#### Exercise instructions:
Your task is to copy the listing exactly, with the pictures left out.

:::::

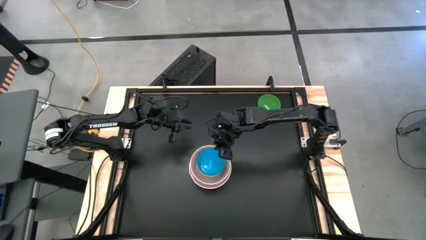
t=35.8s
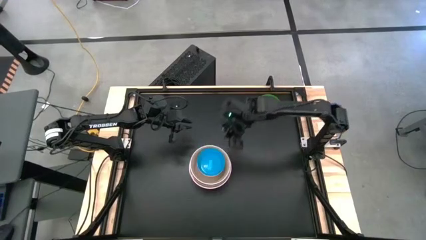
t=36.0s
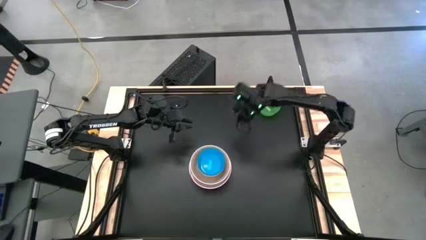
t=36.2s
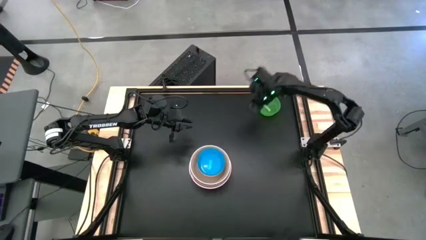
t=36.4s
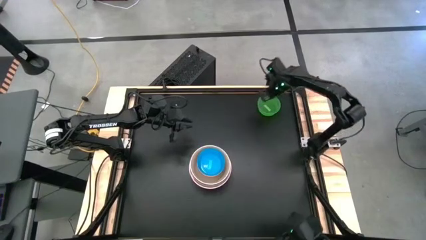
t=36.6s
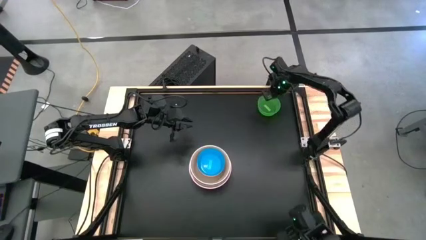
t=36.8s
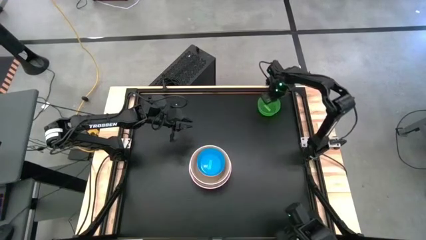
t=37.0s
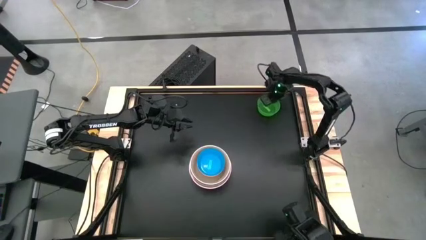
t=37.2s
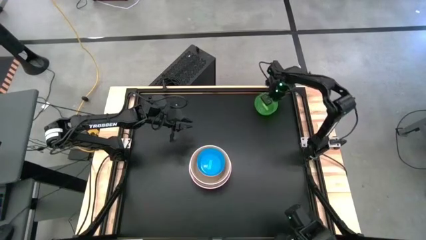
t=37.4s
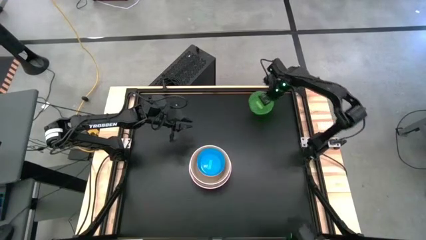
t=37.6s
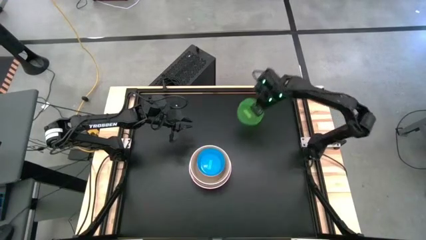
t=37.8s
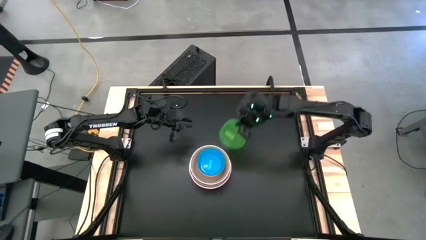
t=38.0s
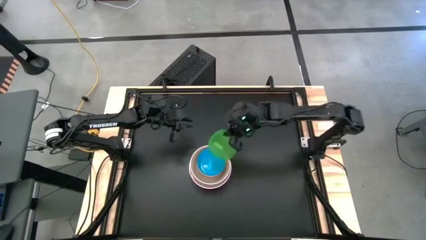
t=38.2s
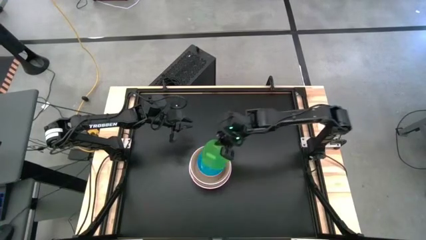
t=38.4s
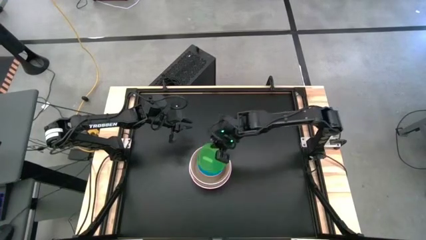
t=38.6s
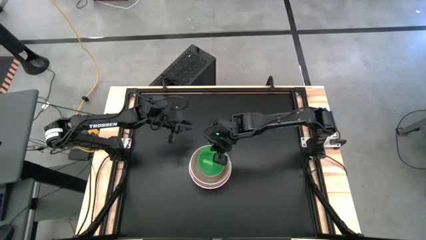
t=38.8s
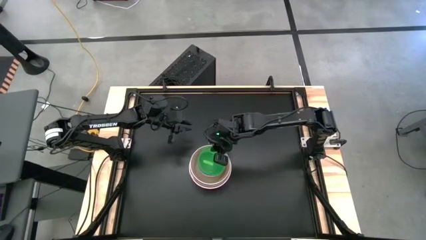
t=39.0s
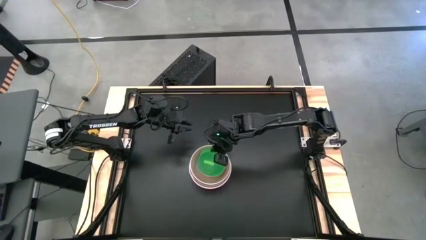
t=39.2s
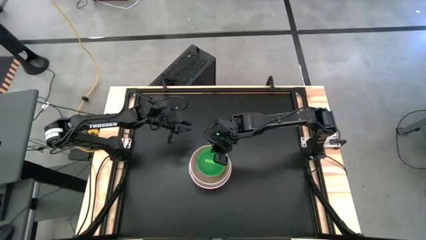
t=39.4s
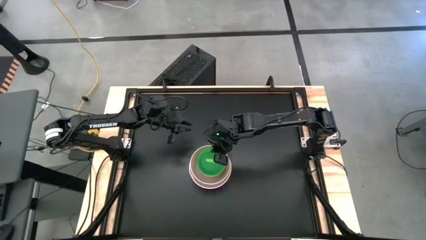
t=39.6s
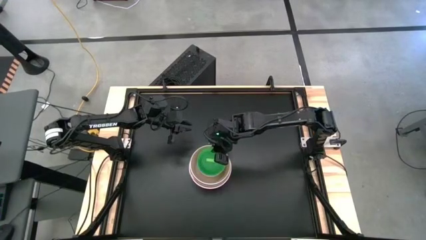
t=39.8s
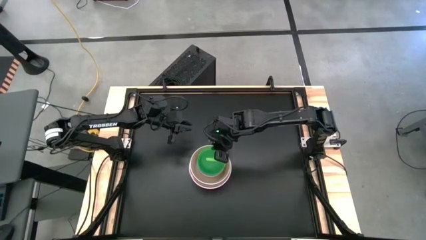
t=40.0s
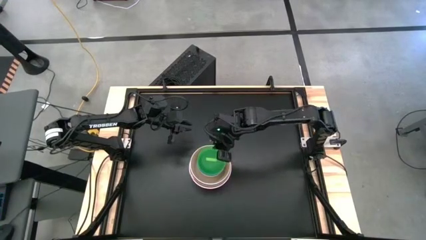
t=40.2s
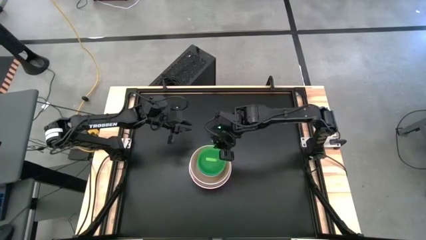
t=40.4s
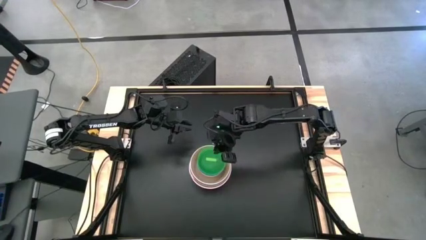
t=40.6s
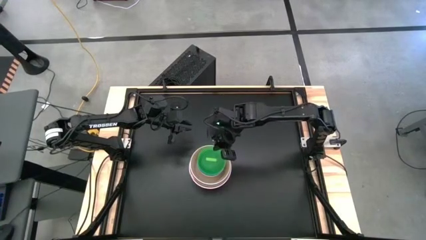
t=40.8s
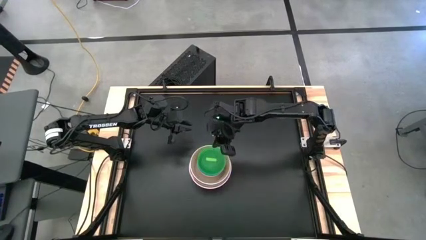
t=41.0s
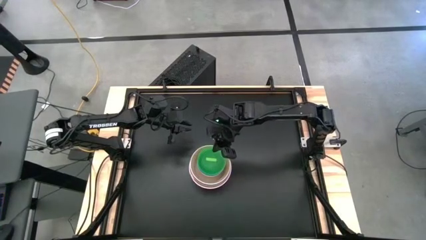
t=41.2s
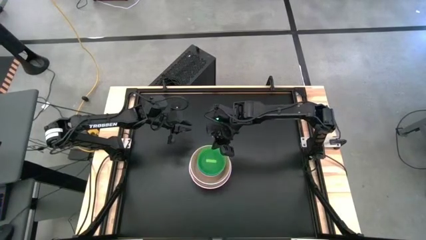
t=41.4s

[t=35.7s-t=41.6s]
Stack the transparent green bowl into the transparent blue bowl

:::::

#### Your response:
t=35.8s
t=36.0s
t=36.2s
t=36.4s
t=36.6s
t=36.8s
t=37.0s
t=37.2s
t=37.4s
t=37.6s
t=37.8s
t=38.0s
t=38.2s
t=38.4s
t=38.6s
t=38.8s
t=39.0s
t=39.2s
t=39.4s
t=39.6s
t=39.8s
t=40.0s
t=40.2s
t=40.4s
t=40.6s
t=40.8s
t=41.0s
t=41.2s
t=41.4s

[t=35.7s-t=41.6s]
Stack the transparent green bowl into the transparent blue bowl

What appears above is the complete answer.